# 32-bit games in 64-bit windows



## windowserror (Jun 18, 2005)

Is there any way that I can make my old Maxis-made Sim games work in x64 Windows 7? I have tried installing them and they do not even work in the Compatibility Mode, I get an error message indicating they only work in 32-bit systems. Is there a way to fool the games into working properly? Thank you.


----------



## nebuchadnezzer2 (Feb 22, 2010)

try copying the installed games to C:/Program Files (x86) if they aren't there already. it's the program file location for 32-bit programs


----------



## windowserror (Jun 18, 2005)

that might work for some, but most of the games give me a "The version of this file is not compatible with the version of Windows you are running. Check your computers information to see if you need a x86 (32 bit) or x64 (64 bit) version of the program, and contact the software provider."

I get that message when I try to install them.


----------



## TrickyNick (Jun 21, 2010)

You have to run the installer in compatibility mode. When you put the CD/DVD into the drive, and the setup program runs or gives you that error, close it. Then open up the CD/DVD in windows explorer and find the setup file that installs the games, and change it to use compatibility mode for XP, that should get it work, I've had to do that to a few of my games as well.

Just reread your post, you've already done that. Sleep deprived, sorry.


----------



## windowserror (Jun 18, 2005)

yeah, I get that error message when I am trying to run them in compatibility mode.


----------



## TrickyNick (Jun 21, 2010)

What version of Sims are you trying to install? If it's the original, I just read that it uses a 16-bit installer & it won't install on a 64-bit system. Linky


----------



## windowserror (Jun 18, 2005)

I am not trying to install The Sims.... the Maxis-made sim games.... i.e.

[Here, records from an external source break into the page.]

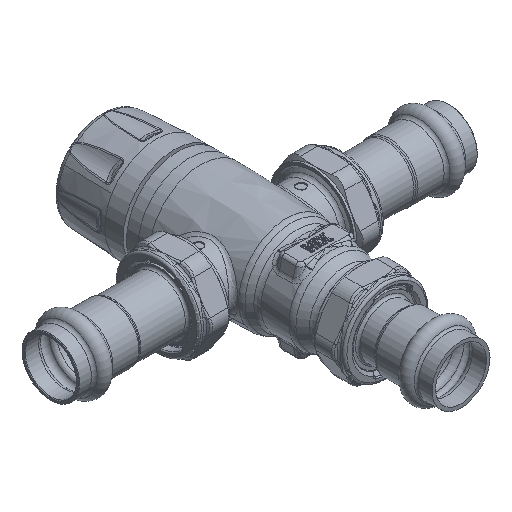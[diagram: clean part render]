
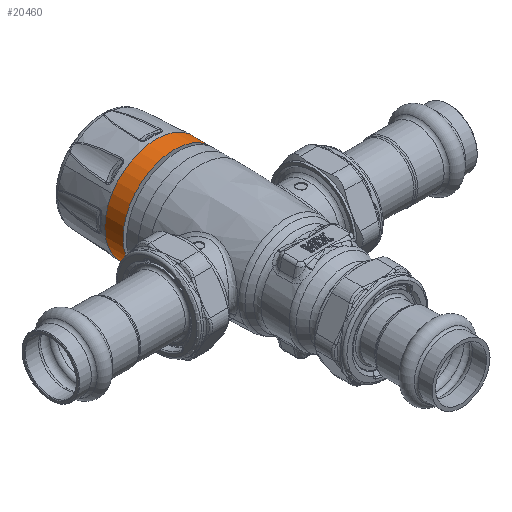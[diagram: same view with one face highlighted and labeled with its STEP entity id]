
A CAD part, isometric view. The second image highlights one B-rep face of the part: STEP entity #20460.
In plain terms, the highlighted cylindrical face has radius 22.5 mm (diameter 45 mm), a full revolution.
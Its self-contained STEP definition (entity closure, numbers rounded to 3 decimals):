
#2339=FACE_OUTER_BOUND('',#3683,.T.);
#3683=EDGE_LOOP('',(#16664,#16665,#16666,#16667,#16668));
#4846=CIRCLE('',#22512,22.5);
#4847=CIRCLE('',#22513,22.5);
#4848=CIRCLE('',#22514,22.5);
#5840=LINE('',#75935,#6661);
#6661=VECTOR('',#27060,22.5);
#8759=VERTEX_POINT('',#75930);
#8760=VERTEX_POINT('',#75931);
#8761=VERTEX_POINT('',#75934);
#11434=EDGE_CURVE('',#8759,#8760,#4846,.T.);
#11435=EDGE_CURVE('',#8760,#8759,#4847,.T.);
#11436=EDGE_CURVE('',#8760,#8761,#5840,.T.);
#11437=EDGE_CURVE('',#8761,#8761,#4848,.T.);
#16664=ORIENTED_EDGE('',*,*,#11434,.F.);
#16665=ORIENTED_EDGE('',*,*,#11435,.F.);
#16666=ORIENTED_EDGE('',*,*,#11436,.T.);
#16667=ORIENTED_EDGE('',*,*,#11437,.T.);
#16668=ORIENTED_EDGE('',*,*,#11436,.F.);
#18283=CYLINDRICAL_SURFACE('',#22511,22.5);
#20460=ADVANCED_FACE('',(#2339),#18283,.T.);
#22511=AXIS2_PLACEMENT_3D('',#75929,#27054,#27055);
#22512=AXIS2_PLACEMENT_3D('',#75932,#27056,#27057);
#22513=AXIS2_PLACEMENT_3D('',#75933,#27058,#27059);
#22514=AXIS2_PLACEMENT_3D('',#75936,#27061,#27062);
#27054=DIRECTION('center_axis',(0.,1.,0.));
#27055=DIRECTION('ref_axis',(-0.859,0.,0.512));
#27056=DIRECTION('center_axis',(0.,1.,0.));
#27057=DIRECTION('ref_axis',(0.,0.,-1.));
#27058=DIRECTION('center_axis',(0.,1.,0.));
#27059=DIRECTION('ref_axis',(0.,0.,-1.));
#27060=DIRECTION('',(0.,-1.,0.));
#27061=DIRECTION('center_axis',(0.,1.,0.));
#27062=DIRECTION('ref_axis',(0.,0.,-1.));
#75929=CARTESIAN_POINT('Origin',(0.,49.6,0.));
#75930=CARTESIAN_POINT('',(-19.326,41.1,11.521));
#75931=CARTESIAN_POINT('',(19.326,41.1,-11.521));
#75932=CARTESIAN_POINT('Origin',(0.,41.1,0.));
#75933=CARTESIAN_POINT('Origin',(0.,41.1,0.));
#75934=CARTESIAN_POINT('',(19.326,33.1,-11.521));
#75935=CARTESIAN_POINT('',(19.326,49.6,-11.521));
#75936=CARTESIAN_POINT('Origin',(0.,33.1,0.));

Sim Safari, Sim Park, Sim Copter, Sim City series, etc.


----------



## Jonathan_King (May 30, 2010)

Any 32-bit program will run in a 64-bit system, although it may require compatibility mode.

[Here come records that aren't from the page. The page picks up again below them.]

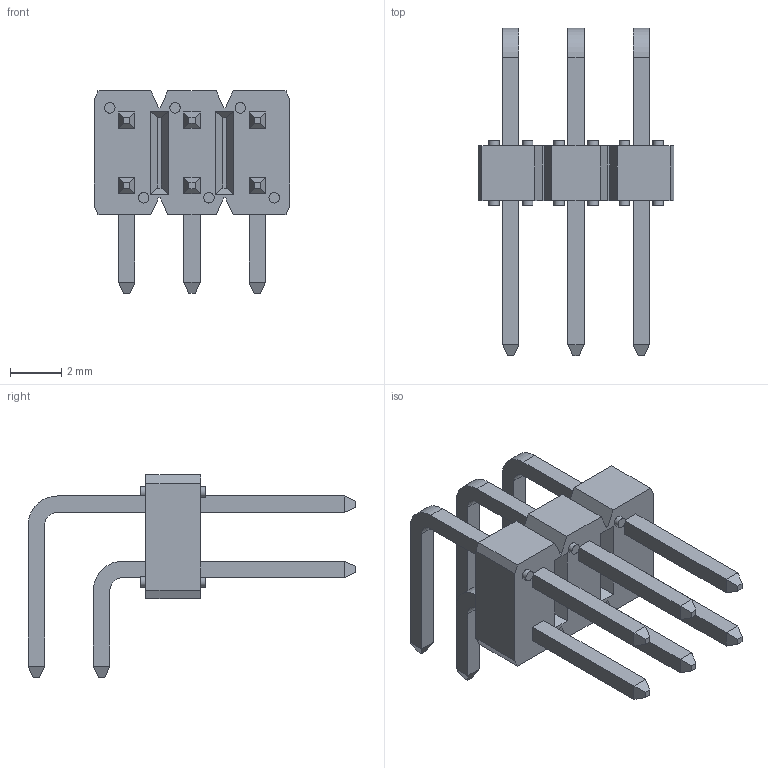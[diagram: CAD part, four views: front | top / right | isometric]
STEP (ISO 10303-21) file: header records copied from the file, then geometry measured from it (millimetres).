
FILE_DESCRIPTION(/* description */ (''),/* implementation_level */ '2;1');
FILE_NAME(/* name */ 'Amphenol 10129382-906001BLF.step',/* time_stamp */ '2026-02-24T20:30:37Z',/* author */ (''),/* organization */ (''),/* preprocessor_version */ 'ST-DEVELOPER v20.1',/* originating_system */ 'Autodesk Translation Framework v14.24.0.0',/* authorisation */ '');
FILE_SCHEMA (('AUTOMOTIVE_DESIGN { 1 0 10303 214 3 1 1 }'));
Length unit declared in the file: millimetre
Products named in the file (1): MSBR-1
Bounding box: 7.62 x 12.76 x 7.88 mm (x, y, z)
Volume: 108.2 mm3; surface area: 350.9 mm2
Topology: 1 solids, 1 shells, 202 faces, 468 edges, 296 vertices
Faces by surface type: plane 178, cylinder 24
Full cylindrical faces by diameter (mm): 0.41 x12
Entity records: 5775 total; most frequent: CARTESIAN_POINT 967, ORIENTED_EDGE 936, DIRECTION 922, EDGE_CURVE 468, LINE 420, VECTOR 420, VERTEX_POINT 296, AXIS2_PLACEMENT_3D 251

However, not all programs running on a x86 system are 32-bit, however. A 32-bit OS will also run 16-bit programs.

A x64 system will not run 16-bit programs, even with compatibility mode.

If you have Windows 7 Professional or Ultimate, you can use XP-Mode to create a virtual XP machine. See this link to get started: http://www.microsoft.com/windows/virtual-pc/download.aspx


----------



## windowserror (Jun 18, 2005)

So you are telling me that the Sim games I want to run are most likely 16 bit games. That makes sense then, they won't work in compatibility mode. 

I have Home Premium... therefore I can't use the Microsoft virtual machine. Is there some freeware out there that does the same thing?


----------



## Jonathan_King (May 30, 2010)

Sure, VirtualBox. The program itself is free, but you will need to pay for a copy of XP, just as if you were installing it on a real machine.


----------



## windowserror (Jun 18, 2005)

So better question... Is there a legal way I can do that without having to buy another copy of Windows?


----------



## blakcshadow (Nov 25, 2008)

run Linux under VirtualBox with WINE installed


----------



## Jonathan_King (May 30, 2010)

windowserror said:


> So better question... Is there a legal way I can do that without having to buy another copy of Windows?


Unfortunately not. There are illegal ways, of course, but you have exactly 2 options to do things legally:

1) Use XP-Mode in Windows 7 Professional or Ultimate

2) Purchase a copy of XP with a legitimate product key. eBay is okay, but I strongly recommend making sure it is sealed in its plastic, to avoid getting bitten.


----------



## blakcshadow (Nov 25, 2008)

i have a key I'm willing to part with. I changed an XP machine to Windows 7


----------



## DoubleHelix (Dec 10, 2004)

blakcshadow said:


> i have a key I'm willing to part with. I changed an XP machine to Windows 7


You upgraded using a *full* license and not an upgrade? If not, the XP license cannot be used on another computer.


----------



## tom6049 (Aug 6, 2007)

windowserror said:


> "The version of this file is not compatible with the version of Windows you are running. Check your computers information to see if you need a x86 (32 bit) or x64 (64 bit) version of the program, and contact the software provider."


Recently, I have been experimenting with VMLite XP Mode on my Windows 7 
Ultimate 64bit computer. So far, I've used it to play MechWarrior 2 (Win95 version) and Interstate '76.


----------